The Punisher
The last real icon created by Marvel Comics, The Punisher began life as a bad-guy variation on Charles Bronson's Death Wish vigilante in the '70s, turned into a grotesque version of a law-and-order hero in the Reagan '80s (even spawning a direct-to-video Dolph Lundgren vehicle), and withered away in the Clinton years. More recently, he experienced a black-comedy revival in the hands of writer Garth Ennis, but the latest film version doesn't have much to do with that. A return to the character's righteous, murdering '80s ways, 2004's The Punisher seems all too of-the-moment now that "an eye for an eye" has become national policy.
Shortly after The Punisher opens, thugs hired by overacting Tampa gang lord John Travolta turn a family reunion into the bloodiest social gathering since Guns N' Roses' "November Rain" video. Robbing recently retired undercover FBI officer Frank Castle (Thomas Jane) of his wife, child, father (an apparently eager-to-work Roy Scheider), and a handful of aunts, uncles, and cousins, Travolta's otherwise-thorough henchmen only stop short of making sure that the man himself has died. When he resurfaces, Jane returns to Tampa to exact revenge.
And that's the movie, a revenge scenario so simple it could have been created on a playground. In the right hands, it might have worked: John Woo could have turned it into a bullet-drenched melodrama, some kind of crazy variation on In The Bedroom. With Kill Bill, Quentin Tarantino turns a similar scenario into a meditation on honor, justice, and a century of different styles of cinematic violence. Sadly, The Punisher is about little more than bullets hitting bone, and how good it might feel to be on the right end of a gun.

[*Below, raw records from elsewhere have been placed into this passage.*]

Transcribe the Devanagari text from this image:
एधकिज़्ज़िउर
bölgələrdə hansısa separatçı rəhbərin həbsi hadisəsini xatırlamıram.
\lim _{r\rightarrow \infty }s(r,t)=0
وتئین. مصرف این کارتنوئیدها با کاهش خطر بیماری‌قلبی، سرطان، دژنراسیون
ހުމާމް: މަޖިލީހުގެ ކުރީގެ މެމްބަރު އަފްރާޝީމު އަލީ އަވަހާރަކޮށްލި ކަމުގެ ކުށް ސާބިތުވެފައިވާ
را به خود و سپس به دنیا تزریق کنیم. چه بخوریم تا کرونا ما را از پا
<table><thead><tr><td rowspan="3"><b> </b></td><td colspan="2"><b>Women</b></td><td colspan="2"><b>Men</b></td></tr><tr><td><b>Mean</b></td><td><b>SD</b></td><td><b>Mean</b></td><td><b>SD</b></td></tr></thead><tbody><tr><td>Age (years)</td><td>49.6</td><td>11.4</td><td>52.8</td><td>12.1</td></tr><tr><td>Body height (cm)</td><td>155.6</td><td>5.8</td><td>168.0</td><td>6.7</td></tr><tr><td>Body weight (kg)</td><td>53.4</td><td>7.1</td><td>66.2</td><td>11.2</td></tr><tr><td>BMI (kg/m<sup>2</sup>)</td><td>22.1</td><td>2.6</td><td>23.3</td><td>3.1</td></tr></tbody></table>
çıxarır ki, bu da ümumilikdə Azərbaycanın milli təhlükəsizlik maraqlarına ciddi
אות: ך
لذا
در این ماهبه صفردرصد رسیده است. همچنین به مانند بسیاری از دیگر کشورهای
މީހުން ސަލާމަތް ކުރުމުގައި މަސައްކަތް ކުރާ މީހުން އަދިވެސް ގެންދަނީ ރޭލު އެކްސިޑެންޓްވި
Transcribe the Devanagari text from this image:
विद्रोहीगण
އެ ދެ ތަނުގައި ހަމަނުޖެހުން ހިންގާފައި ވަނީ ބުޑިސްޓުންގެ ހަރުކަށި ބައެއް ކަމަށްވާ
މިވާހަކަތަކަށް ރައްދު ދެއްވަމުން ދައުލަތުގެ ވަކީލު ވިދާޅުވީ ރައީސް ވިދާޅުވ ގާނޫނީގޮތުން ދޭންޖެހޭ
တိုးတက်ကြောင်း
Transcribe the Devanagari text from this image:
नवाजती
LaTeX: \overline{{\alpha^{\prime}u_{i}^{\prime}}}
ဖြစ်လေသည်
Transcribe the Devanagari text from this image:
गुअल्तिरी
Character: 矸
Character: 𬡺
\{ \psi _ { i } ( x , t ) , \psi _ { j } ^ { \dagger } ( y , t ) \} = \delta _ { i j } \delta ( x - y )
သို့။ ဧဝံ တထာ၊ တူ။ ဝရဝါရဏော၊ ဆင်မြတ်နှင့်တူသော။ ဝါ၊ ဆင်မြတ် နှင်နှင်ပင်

Armageddon screenwriter turned first-time director Jonathan Hensleigh displays a lot of enthusiasm for stormy lighting, as well as a fashion photographer's skill at putting his actors in memorable poses, but the whole show is watching Jane mow down the bad guys, taking the occasional breather to hang out with new friends Rebecca Romijn-Stamos and her misfit hangers-on, and to drown his sorrows in a bottle of Wild Turkey. (The brand is featured so prominently that it must be product placement, but is "the drink of choice for bloodthirsty gunmen" a desirable tagline?) There's not even a hint of suspense over the outcome; Jane is portrayed as such an unstoppable machine that only professional wrestler Kevin Nash is made to look like a formidable adversary.
The Punisher has one inspired sequence. Wearing a teardrop tattoo, a Memphis hit man serenades Jane before attempting to kill him. The scene lasts about a minute. The movie goes on much longer.